Most telling when regard is had to the probabilities, is the evidence of Boltmann himself. He is the person who paid the bribe. He had nothing to gain from giving evidence other than to implicate himself in the serious crime of corruption. Not only did he do so, but he travelled at great cost, both in terms of time and money, firstly to Beit Bridge in order to give evidence at the disciplinary enquiry, and secondly to Makhado, previously called Louis Trichardt, to give evidence at the arbitration. As Boltmann himself says in his evidence, and his frustration is palpable, and I quote from this evidence under cross-examination (this is when it was suggested to him under cross-examination that he was fabricating his version):

'You know that is way below my intelligence here man. You know to think that I could fabricate a story like this. You know come out of the blue. I mean to come and sit here in Louis Trichardt, to come and make up a story that we fabricated somewhere, you know I feel that you are insulting my intelligence here man. You know for what reason do you think would I fabricate a story like this. You know, at my own expense. I do not get no benefit from coming here, not at all.'

That exasperated statement has the ring of truth to it. Throughout his evidence Mr Boltmann, without this court having seen his demeanour but from a reading of the transcript, created the evidence of a credible witness, a person who had done wrong but was now doing the right thing’.

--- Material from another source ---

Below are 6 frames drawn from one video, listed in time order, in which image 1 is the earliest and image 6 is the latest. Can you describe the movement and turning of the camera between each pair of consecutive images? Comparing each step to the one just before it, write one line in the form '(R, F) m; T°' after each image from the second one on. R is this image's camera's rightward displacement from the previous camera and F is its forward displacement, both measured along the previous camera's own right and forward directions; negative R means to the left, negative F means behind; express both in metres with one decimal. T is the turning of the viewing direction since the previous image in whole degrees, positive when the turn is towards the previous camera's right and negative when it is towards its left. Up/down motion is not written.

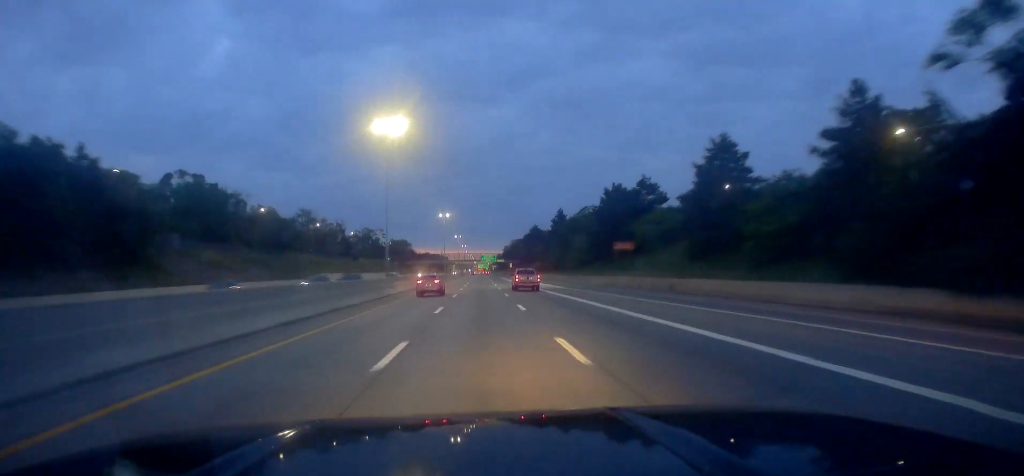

[51] I am therefore of the view that the second respondent correctly considered the evidence provided by Langa and Mkhize.

[52] Having had sight of all of the documents and evidence placed before the second respondent and considered by him and the transcript of the arbitration proceedings, the conclusion that the second respondent came to in respect of the evidence is in my view the only reasonable inference that could have been drawn from the evidence and at the very least does not fall foul of the threshold set in Sidumo.


[53] Accordingly, I am of the view that the second respondent’s award does not contain irregularities sufficient to justify the setting aside of his award and is not so unreasonable that another decision maker could not come to the same findings.


In the premises, I make the following order:

1. The applicant’s review application is dismissed.

2. There is no order as to costs.

Lancaster AJ

Acting Judge of the Labour Court of South Africa


For the Applicant: Adv J S Mphahlani

Instructed by: Baloyi Attorneys

For the Respondent: Adv X D Matyolo

Instructed by: Mkhabela Huntley Adekeye Inc

[1] No 66 of 1995 (as amended).

[3] (1997) 18 ILJ 367 (LAC)

[4] (2010) 31 ILJ 452 (LC) at para 17.

[5] (2013) 34 ILJ 2795 (SCA) at para 25.

[6] (2013) 34 ILJ 2779 (SCA) at para 21.